I'd like to hear any opinions in defense of the necessity of nil
. Thanks in advance.
[1] Let's ignore the debate among nil
/NIL
, '()
and ()
.
[2] Here it means the Lisp family of languages.
Working with lists without nil
(or '()
) would be like doing arithmetic without zero. Using only pairs without nil
, how would we represent an empty list, or a singleton list '(1)
?
It gets worse: since lists don't have to be lists of atoms, but can contain other lists, how would we represent the nested list '(1 2 (3 4))
? If we do the following conversions:
'(3 4) => '(3 . 4)
'(1 2 x) => '(1 . (2 . x)) == '(1 2 . x)
we get:
'(1 2 (3 4)) => '(1 . (2 . (3 . 4))) == '(1 2 3 . 4)
But also:
'(1 2 3 4) => '(1 . (2 . (3 . 4))) == '(1 2 3 . 4)
So constructing lists only using pairs and no nil
prevents us from distinguishing between a nested list structure and a flat list, at least at the end of the list.

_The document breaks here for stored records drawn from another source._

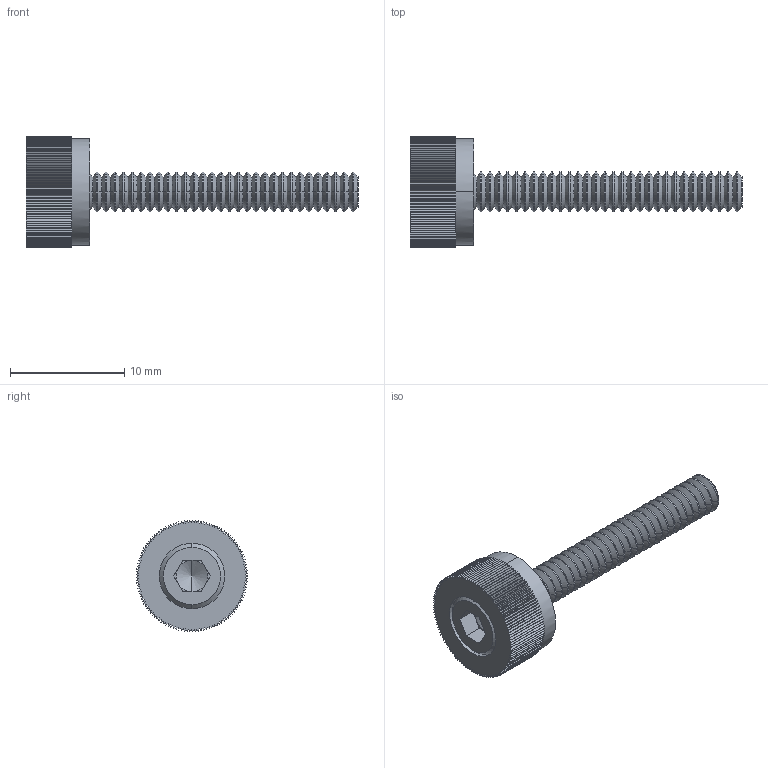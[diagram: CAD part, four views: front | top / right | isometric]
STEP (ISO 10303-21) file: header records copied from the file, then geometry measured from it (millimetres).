
FILE_DESCRIPTION (( 'STEP AP214' ), '1' );
FILE_NAME ('40323_TXP-23.5mm Length Thumbscrew.STEP', '2017-03-28T20:21:23', ( '' ), ( '' ), 'SwSTEP 2.0', 'SolidWorks 2016', '' );
FILE_SCHEMA (( 'AUTOMOTIVE_DESIGN' ));
Length unit declared in the file: millimetre
Products named in the file (2): 40323_TXP-23.5mm Length Thumbscrew
Bounding box: 29.1 x 9.75 x 9.75 mm (x, y, z)
Volume: 562.4 mm3; surface area: 821.7 mm2
Topology: 1 solids, 1 shells, 708 faces, 1790 edges, 1085 vertices
Faces by surface type: plane 391, cylinder 189, cone 128
Entity records: 28898 total; most frequent: DIRECTION 3905, CARTESIAN_POINT 3583, ORIENTED_EDGE 3576, EDGE_CURVE 1788, AXIS2_PLACEMENT_3D 1407, VECTOR 1091, LINE 1091, VERTEX_POINT 1085

You can still include nested lists as any element except the last, so now there's a strange and arbitrary limitation on what the elements of a list can be.
More theoretically, proper lists are an inductively defined data type: a list is either the empty list, or it has a first
element, which can be anything, and a rest
, which is always another list defined in the same way. Take away the empty list, and now you have a data type where the rest
might be another list, or it might be the last element of the list. We can't tell except by passing it to pair?
, which leads to the problem with nested listing above. Keeping nil
around lets us have whatever we like as list elements, and allows us to distinguish between 1
, '(1)
, '((1))
and so on.
You need it to represent "Nothing".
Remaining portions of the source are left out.